19. See People with an Eye of Faith
Don’t treat people in terms of their behavior, but rather in terms of their potential—in terms of what they can become. Goethe put it this way, “Treat a man as he is and he will remain as he is; treat a man as he can and should be and he will become as he can and should be.”

20. Be Teachable
“If we operate with the assumption that we do not have all the answers or insights, we allow ourselves to value the different viewpoints, judgments, and experiences others may bring. When we approach others with open minds, and are willing to be taught, we learn that the key to influence is to allow ourselves to be influenced.” (Blain Lee, The Power Principle, New York: Simon & Schuster, 1997, p. 132)

21. Give Hugs
“Hugging is healthy. It helps the immune system, cures depression, reduces stress and induces sleep. It’s invigorating, rejuvenating and has no unpleasant side effects. Hugging is nothing less than a miracle drug. Hugging is an underutilized resource with magical powers.” (Jack Canfield and Mark Victor Hansen, Chicken Soup for the Soul, Deerfield Beach, FL: Health Communications, 1993, p. 17-18)

22. Be a Friend
Success with people can be summarized in one word—friendship. Successful people cultivate strong, loving friendships. They are not masters or dictators. They are friends and servants to those around them. They make sure that others’ needs are their highest priority. Christ was a friend to those he worked with. In speaking to the New Testament disciples, Jesus said, “Henceforth I call you not servants; for the servant knoweth not what his lord doeth: but I have called you friends.” (John 15:15, King James Version)
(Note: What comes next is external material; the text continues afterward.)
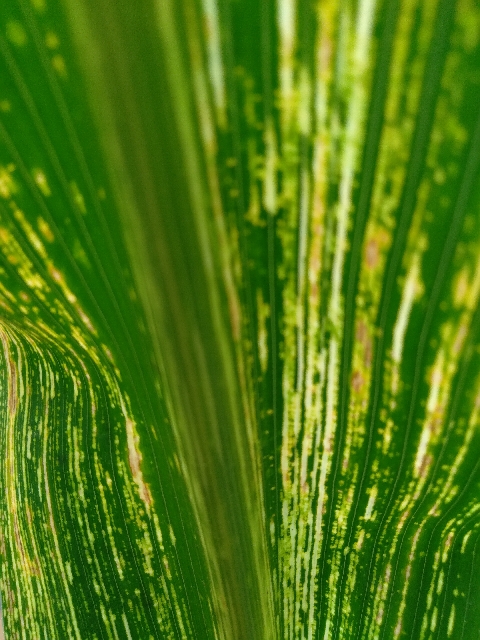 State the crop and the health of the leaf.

maize, maize streak virus
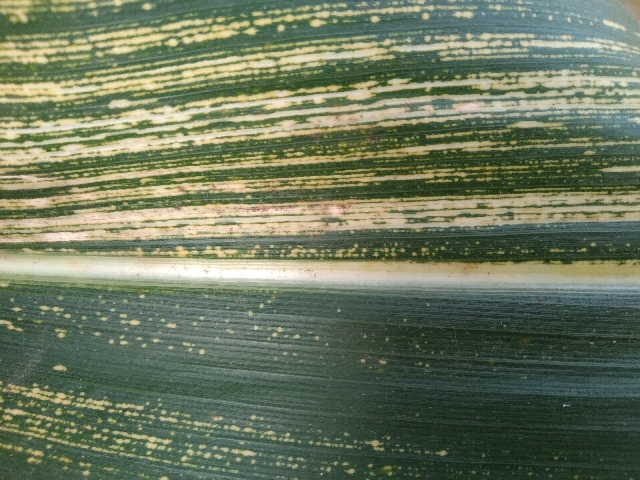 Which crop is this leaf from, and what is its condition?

maize, maize streak virus
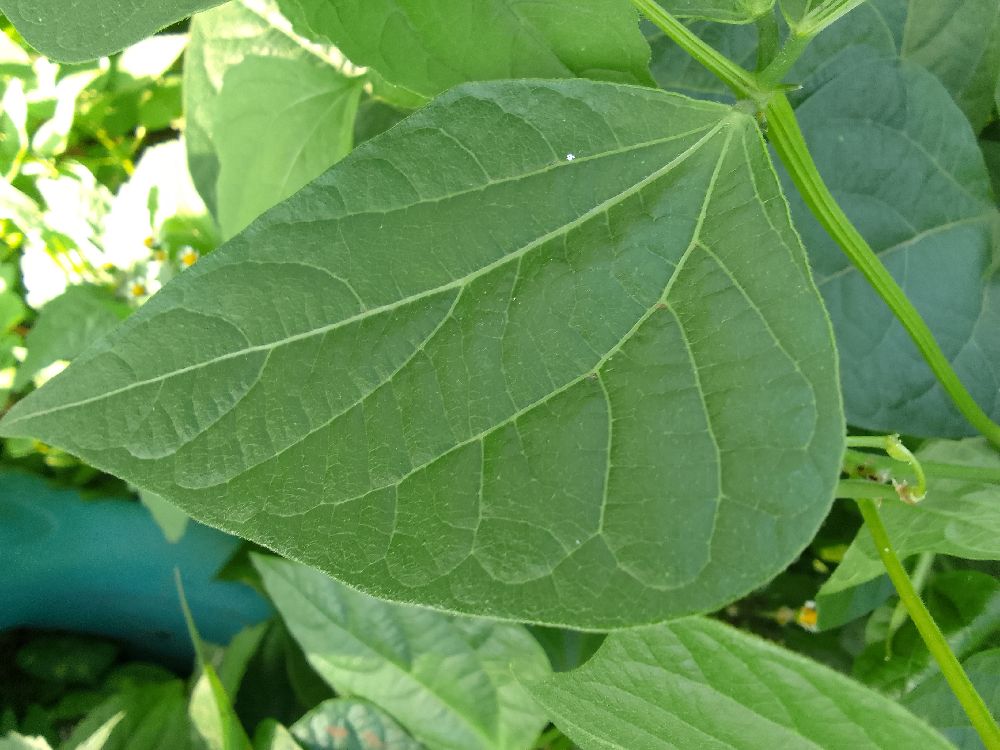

The most successful people are those who are friends to others. It is not surprising to see children who are more influenced by their friends than by their parents. It is not surprising to see employees who are more influenced by their friends at work than by their bosses. It’s not surprising to see church members who are more influenced by their friends than by their leaders. If parents, bosses, and church leaders desire to influence others, they must first cultivate friendships.

Often we try to improve our relationships by learning new tactics of influence, or we use new methods of interacting with people, many of which are needed and helpful. However, I would suggest that if you know how to be a true friend, you know how to succeed with people.